Data records
········
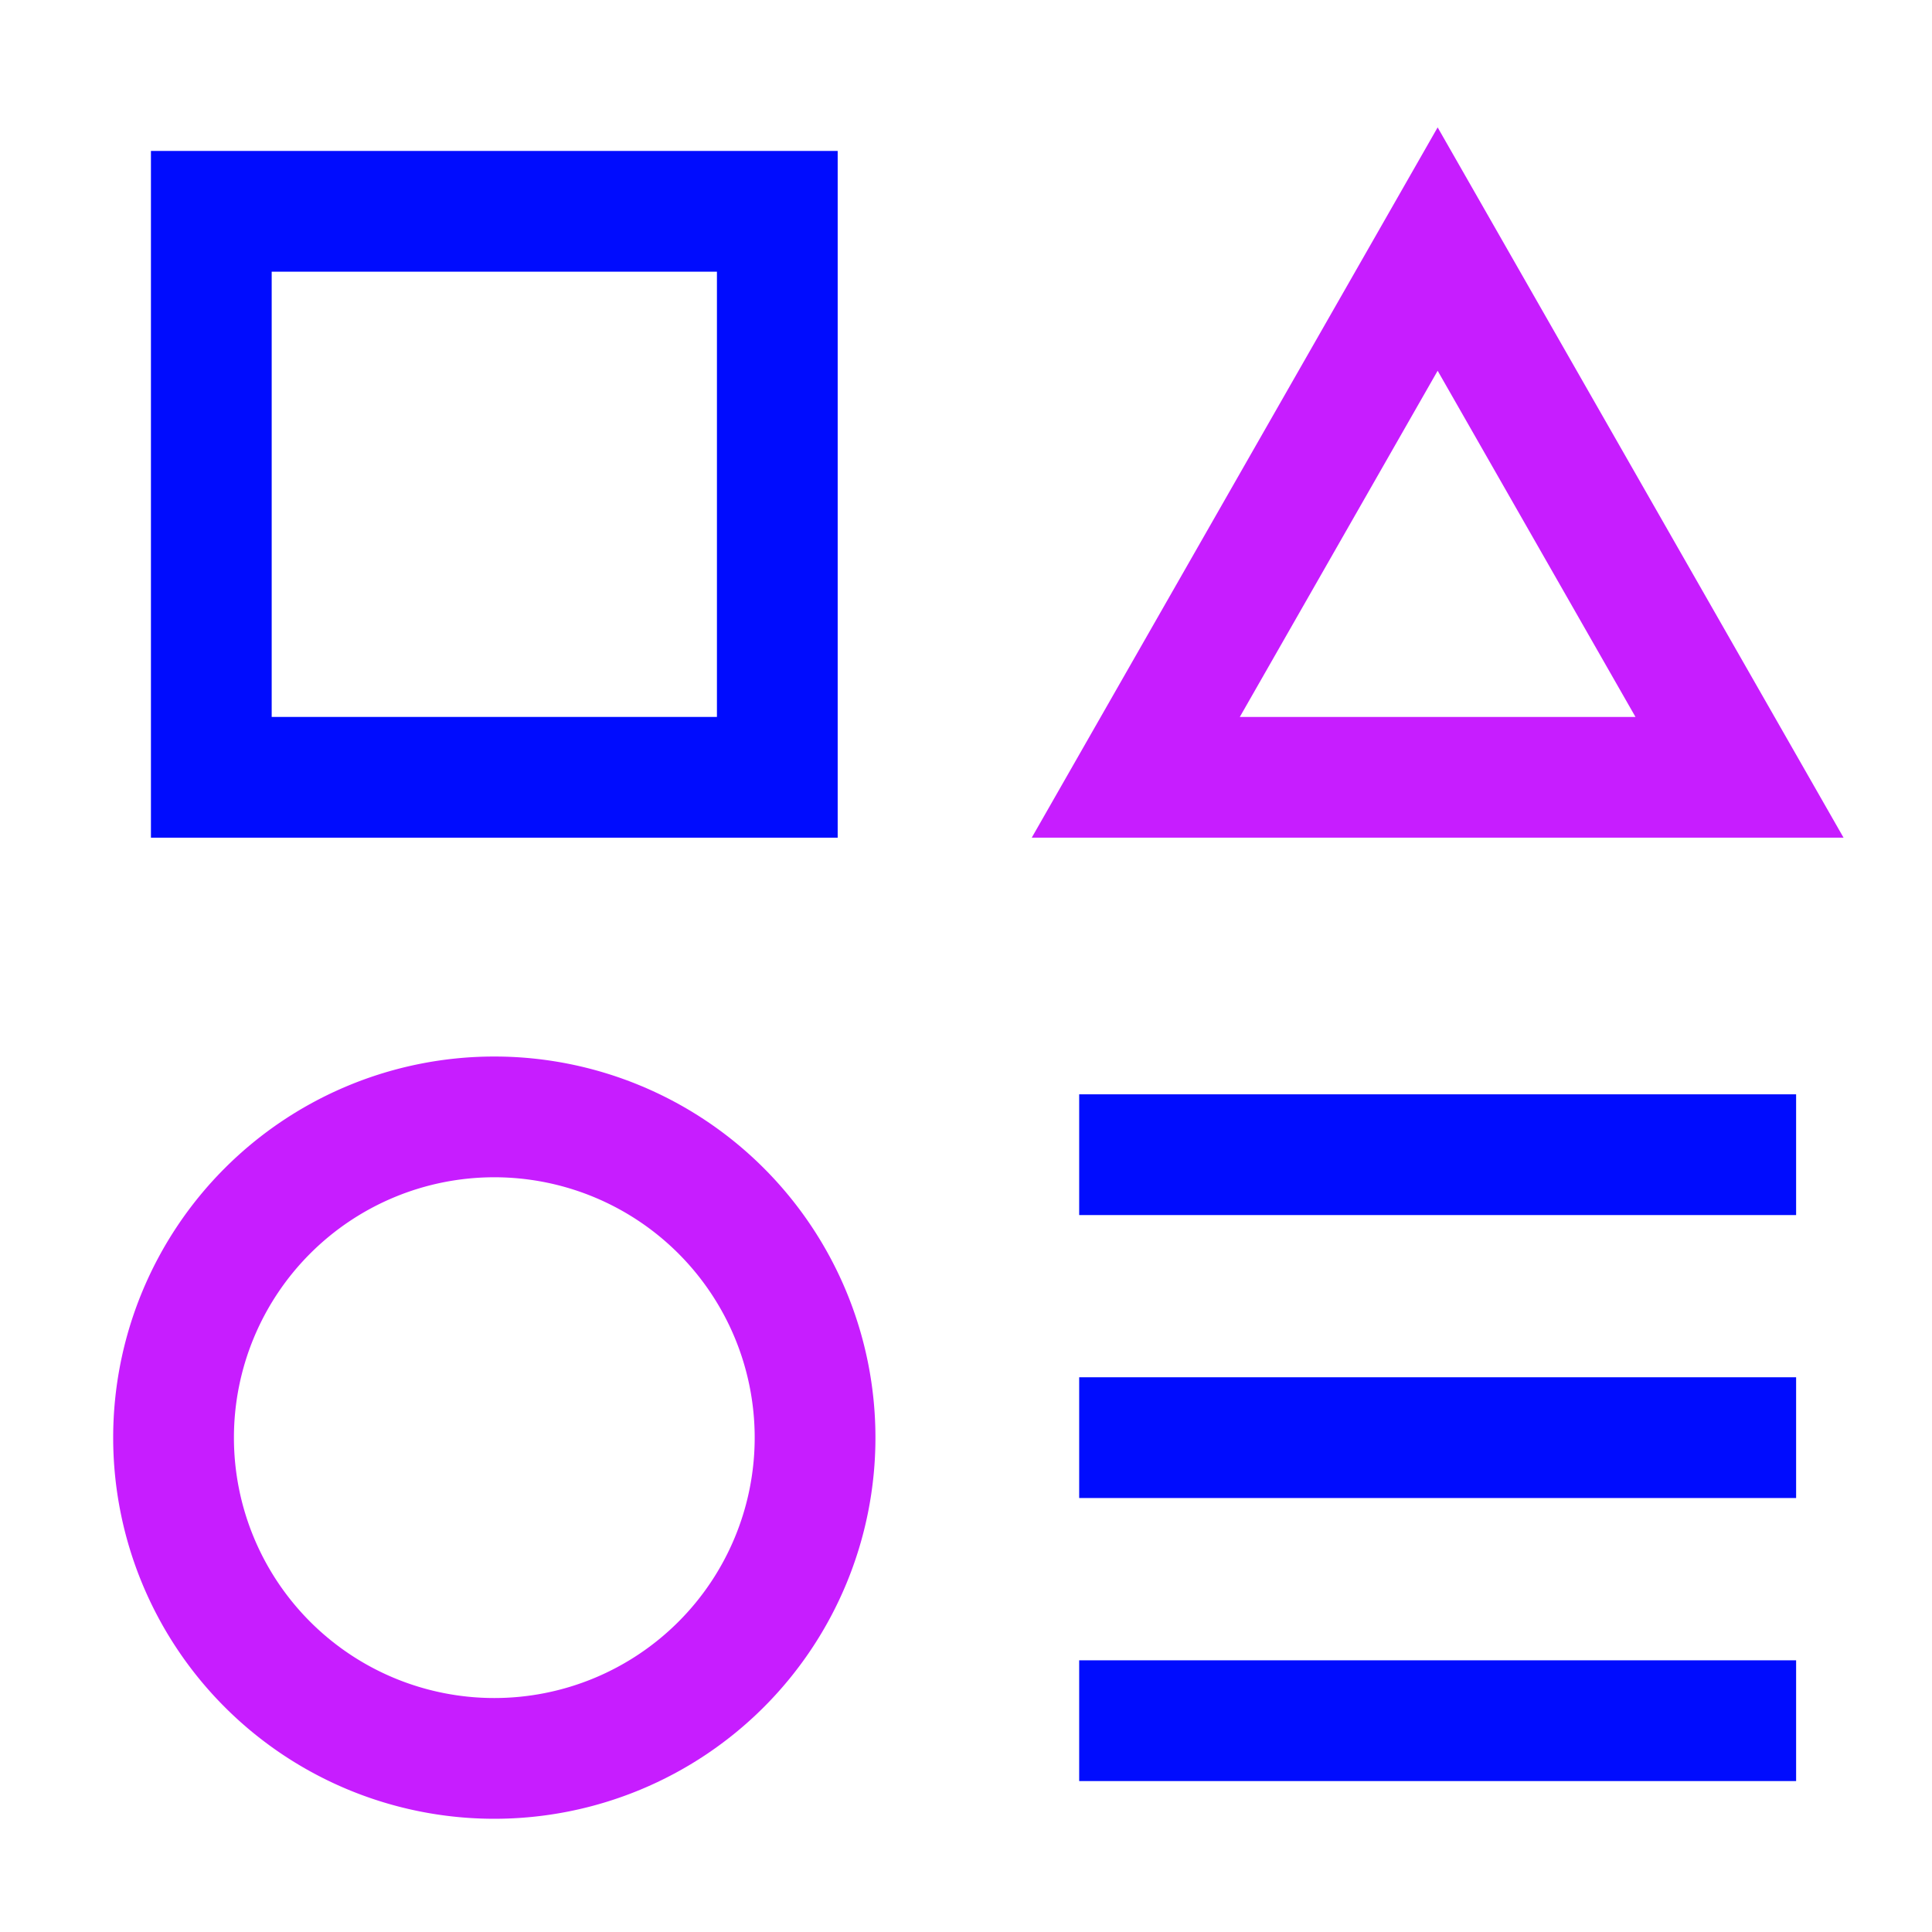 <svg xmlns="http://www.w3.org/2000/svg" fill="none" viewBox="-0.75 -0.75 24 24" id="Page-Setting--Streamline-Sharp-Neon">
  <desc>
    Page Setting Streamline Icon: https://streamlinehq.com
  </desc>
  <g id="page-setting--page-setting-square-triangle-circle-line-combination-variation">
    <path id="Rectangle 930" stroke="#000cfe" d="M1.875 1.875h7.031v7.031H1.875V1.875Z" stroke-width="1.5"></path>
    <path id="Rectangle 931" stroke="#c71dff" d="m17.109 2.344 3.75 6.562h-7.5l3.75 -6.562Z" stroke-width="1.5"></path>
    <path id="Ellipse 631" stroke="#c71dff" d="M1.406 17.109a3.984 3.984 0 1 0 7.969 0 3.984 3.984 0 1 0 -7.969 0" stroke-width="1.5"></path>
    <path id="Rectangle 932" stroke="#000cfe" d="m12.656 13.594 8.906 0" stroke-width="1.5"></path>
    <path id="Rectangle 933" stroke="#000cfe" d="m21.562 20.625 -8.906 0" stroke-width="1.5"></path>
    <path id="Rectangle 934" stroke="#000cfe" d="m21.562 17.109 -8.906 0" stroke-width="1.5"></path>
  </g>
</svg>
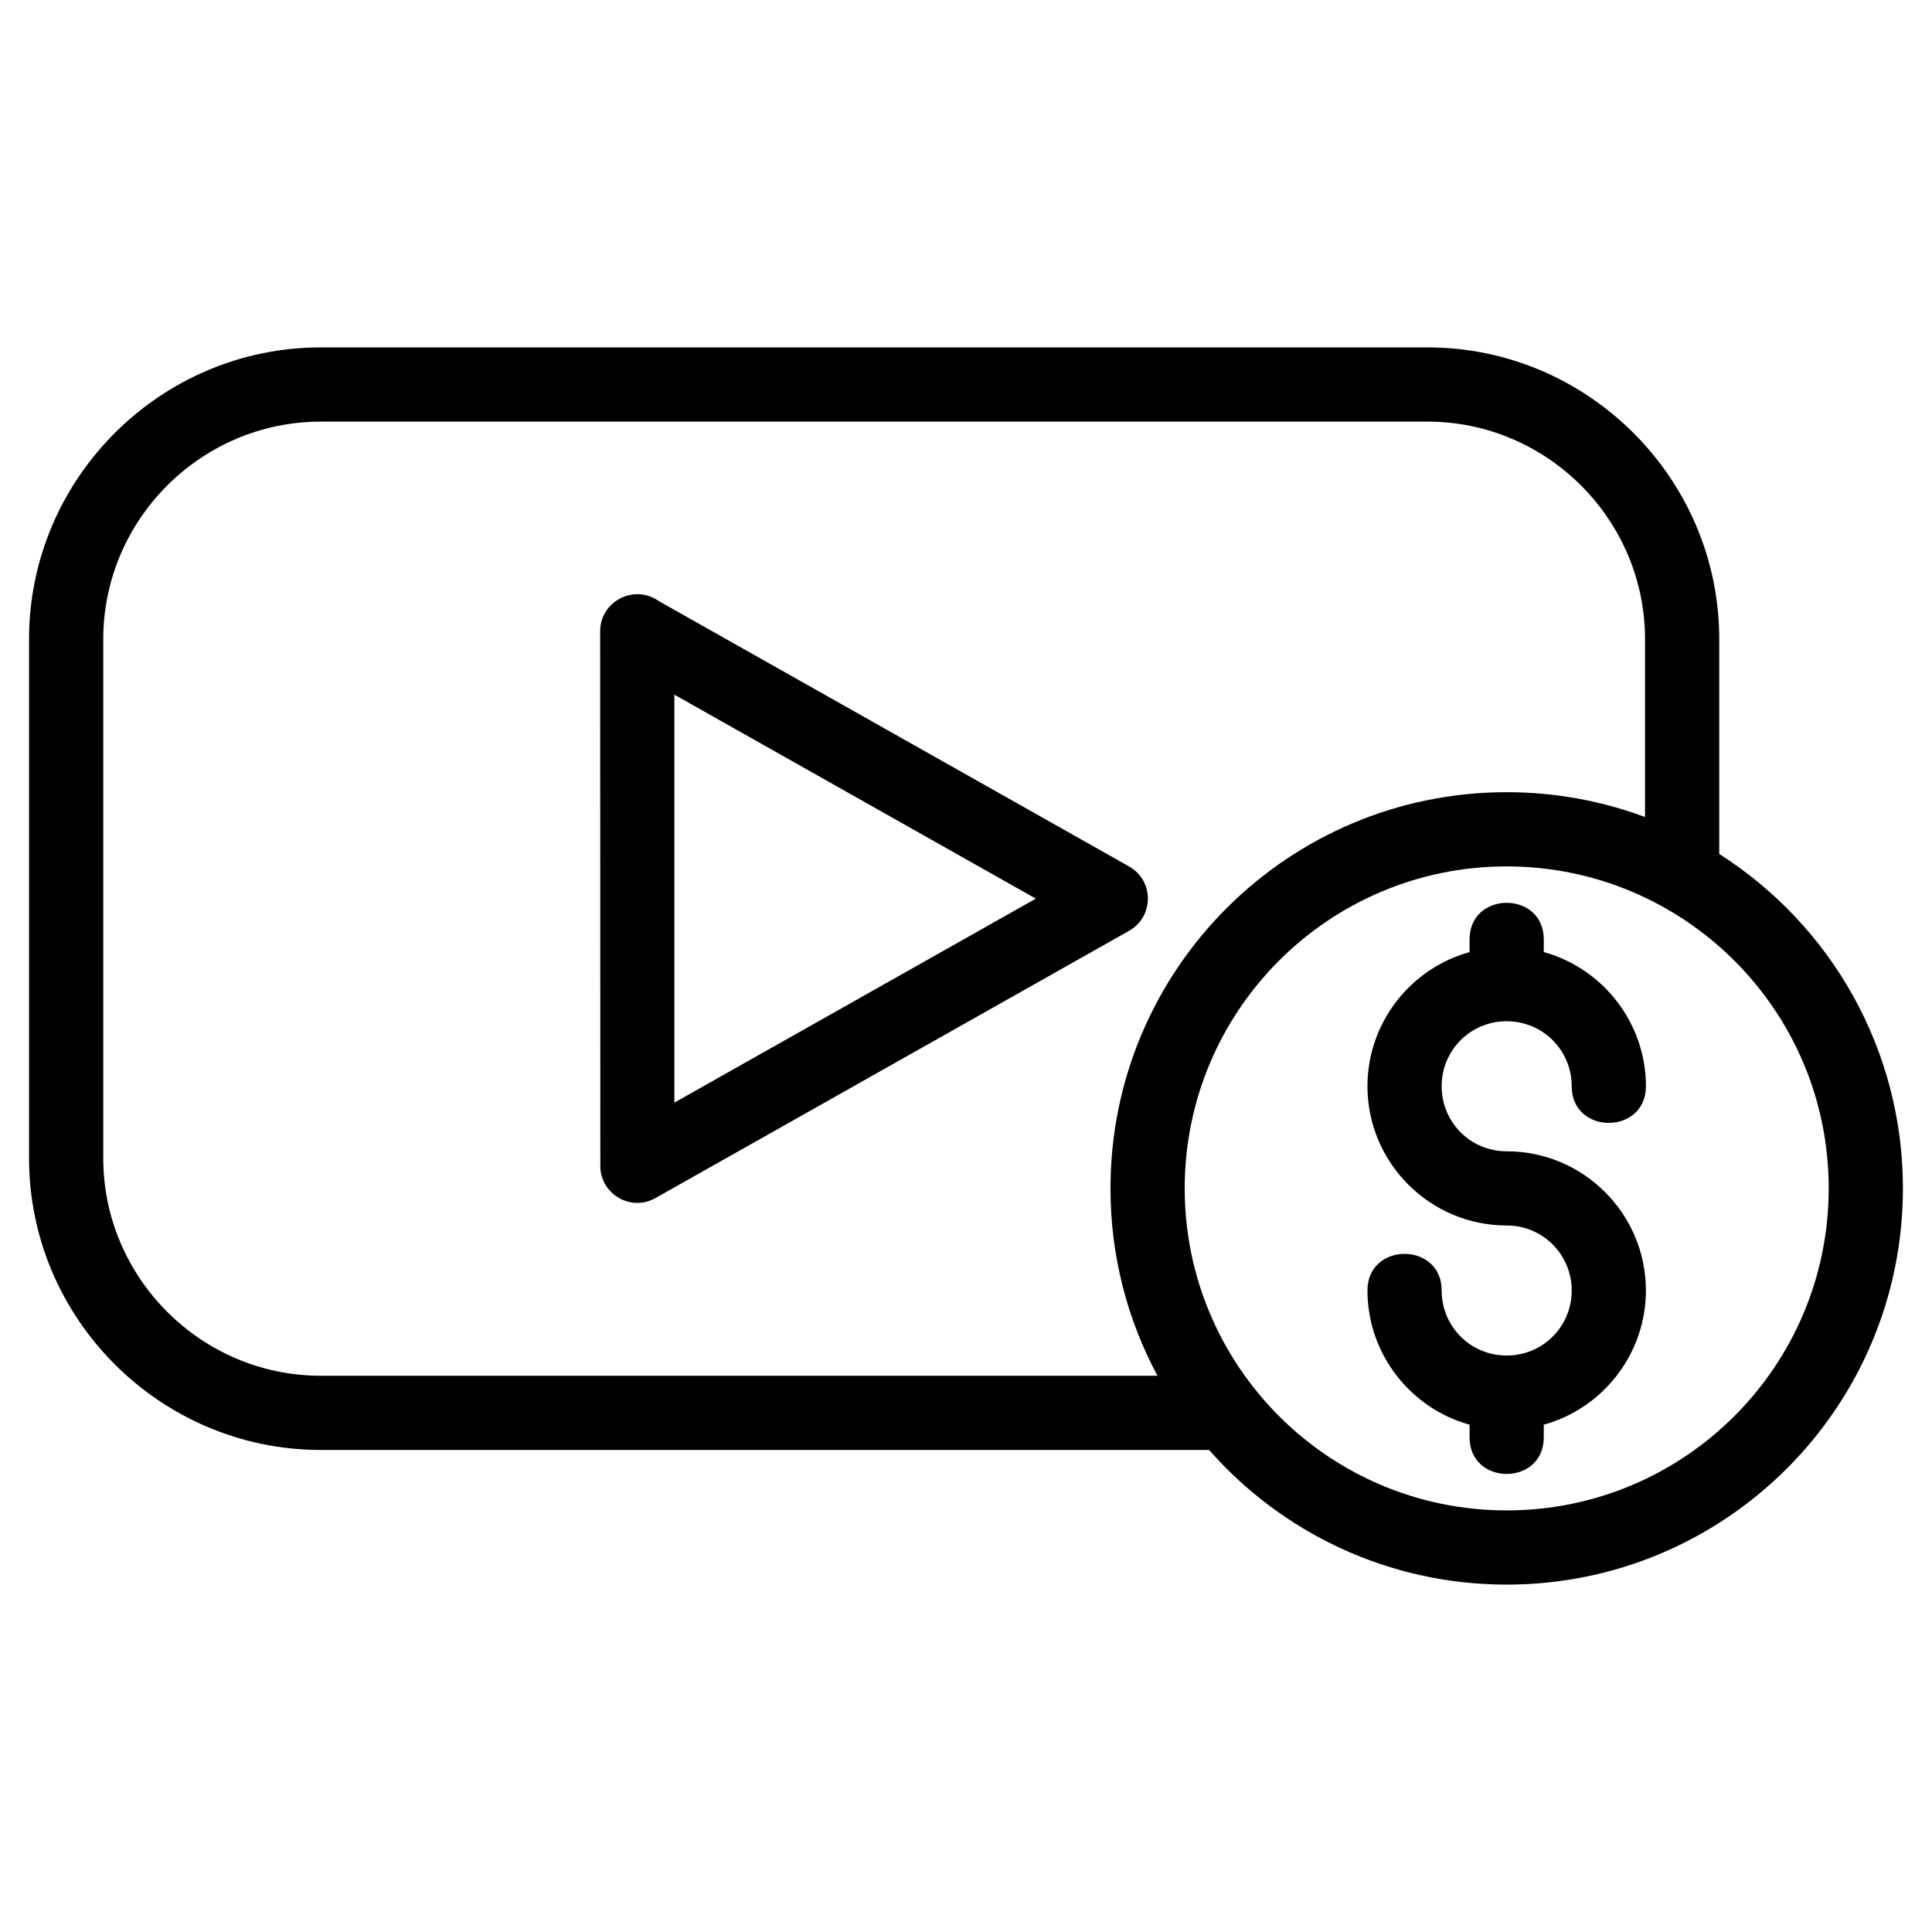 <?xml version="1.0" encoding="UTF-8"?>
<!-- Uploaded to: ICON Repo, www.svgrepo.com, Generator: ICON Repo Mixer Tools -->
<svg fill="#000000" width="800px" height="800px" version="1.1" viewBox="144 144 512 512" xmlns="http://www.w3.org/2000/svg">
 <path d="m543.29 544.27c47.133 0 85.336-38.203 85.336-85.332 0-47.531-38.582-85.336-85.336-85.336-47.133 0-85.332 38.203-85.332 85.336 0 46.945 38.02 85.332 85.332 85.332zm105-85.332c0 57.988-47.016 105-105 105-31.246 0-59.535-13.688-78.867-35.684h-235.41c-42.539 0-77.316-34.773-77.316-77.316v-137.56c0-42.539 34.773-77.316 77.316-77.316h293.29c42.539 0 77.316 34.773 77.316 77.316v56.93c29.668 18.898 48.676 51.828 48.676 88.633zm-210 0c0-57.992 47.008-105 105-105 12.895 0 25.25 2.328 36.66 6.582v-47.141c0-31.688-25.961-57.648-57.648-57.648h-293.29c-31.688 0-57.648 25.961-57.648 57.648v137.56c0 31.688 25.961 57.648 57.648 57.648h221.73c-7.945-14.789-12.453-31.691-12.453-49.645zm114.83 65.961c0 12.949-19.668 12.949-19.668 0v-3.34c-15.758-4.379-27.062-18.84-27.062-35.566 0-12.941 19.668-12.941 19.668 0 0 9.574 7.66 17.234 17.227 17.234 9.574 0 17.234-7.66 17.234-17.234 0-9.473-7.621-17.227-17.234-17.227-20.316 0-36.895-16.578-36.895-36.898 0-16.723 11.301-31.18 27.062-35.559v-3.34c0-12.949 19.668-12.949 19.668 0v3.34c15.758 4.375 27.062 18.84 27.062 35.559 0 12.949-19.668 12.949-19.668 0 0-9.57-7.66-17.227-17.234-17.227-9.57 0-17.227 7.66-17.227 17.227 0 9.574 7.66 17.234 17.227 17.234 20.328 0 36.898 16.523 36.898 36.895 0 16.727-11.305 31.191-27.062 35.566v3.34zm-234.58-221.63 124.68 70.352c6.66 3.754 6.637 13.352-0.059 17.09l-125.48 70.805c-6.559 3.695-14.59-1.125-14.586-8.527l-0.047-141.68c0-8.008 9.051-12.578 15.488-8.047zm99.969 78.879-95.793-54.051v108.11z"/>
</svg>
········
- _Requirement_
Without altering anything, output all the lines above but none of the images.

- _Reply to the exercise_
 <svg xmlns="http://www.w3.org/2000/svg" fill="none" viewBox="-0.75 -0.75 24 24" id="Page-Setting--Streamline-Sharp-Neon">
  <desc>
    Page Setting Streamline Icon: https://streamlinehq.com
  </desc>
  <g id="page-setting--page-setting-square-triangle-circle-line-combination-variation">
    <path id="Rectangle 930" stroke="#000cfe" d="M1.875 1.875h7.031v7.031H1.875V1.875Z" stroke-width="1.5"></path>
    <path id="Rectangle 931" stroke="#c71dff" d="m17.109 2.344 3.75 6.562h-7.5l3.75 -6.562Z" stroke-width="1.5"></path>
    <path id="Ellipse 631" stroke="#c71dff" d="M1.406 17.109a3.984 3.984 0 1 0 7.969 0 3.984 3.984 0 1 0 -7.969 0" stroke-width="1.5"></path>
    <path id="Rectangle 932" stroke="#000cfe" d="m12.656 13.594 8.906 0" stroke-width="1.5"></path>
    <path id="Rectangle 933" stroke="#000cfe" d="m21.562 20.625 -8.906 0" stroke-width="1.5"></path>
    <path id="Rectangle 934" stroke="#000cfe" d="m21.562 17.109 -8.906 0" stroke-width="1.5"></path>
  </g>
</svg>
 <?xml version="1.0" encoding="UTF-8"?>
<!-- Uploaded to: ICON Repo, www.svgrepo.com, Generator: ICON Repo Mixer Tools -->
<svg fill="#000000" width="800px" height="800px" version="1.1" viewBox="144 144 512 512" xmlns="http://www.w3.org/2000/svg">
 <path d="m543.29 544.27c47.133 0 85.336-38.203 85.336-85.332 0-47.531-38.582-85.336-85.336-85.336-47.133 0-85.332 38.203-85.332 85.336 0 46.945 38.02 85.332 85.332 85.332zm105-85.332c0 57.988-47.016 105-105 105-31.246 0-59.535-13.688-78.867-35.684h-235.41c-42.539 0-77.316-34.773-77.316-77.316v-137.56c0-42.539 34.773-77.316 77.316-77.316h293.29c42.539 0 77.316 34.773 77.316 77.316v56.93c29.668 18.898 48.676 51.828 48.676 88.633zm-210 0c0-57.992 47.008-105 105-105 12.895 0 25.25 2.328 36.66 6.582v-47.141c0-31.688-25.961-57.648-57.648-57.648h-293.29c-31.688 0-57.648 25.961-57.648 57.648v137.56c0 31.688 25.961 57.648 57.648 57.648h221.73c-7.945-14.789-12.453-31.691-12.453-49.645zm114.83 65.961c0 12.949-19.668 12.949-19.668 0v-3.34c-15.758-4.379-27.062-18.84-27.062-35.566 0-12.941 19.668-12.941 19.668 0 0 9.574 7.66 17.234 17.227 17.234 9.574 0 17.234-7.66 17.234-17.234 0-9.473-7.621-17.227-17.234-17.227-20.316 0-36.895-16.578-36.895-36.898 0-16.723 11.301-31.18 27.062-35.559v-3.34c0-12.949 19.668-12.949 19.668 0v3.34c15.758 4.375 27.062 18.84 27.062 35.559 0 12.949-19.668 12.949-19.668 0 0-9.57-7.66-17.227-17.234-17.227-9.57 0-17.227 7.66-17.227 17.227 0 9.574 7.66 17.234 17.227 17.234 20.328 0 36.898 16.523 36.898 36.895 0 16.727-11.305 31.191-27.062 35.566v3.34zm-234.58-221.63 124.68 70.352c6.66 3.754 6.637 13.352-0.059 17.09l-125.48 70.805c-6.559 3.695-14.59-1.125-14.586-8.527l-0.047-141.68c0-8.008 9.051-12.578 15.488-8.047zm99.969 78.879-95.793-54.051v108.11z"/>
</svg>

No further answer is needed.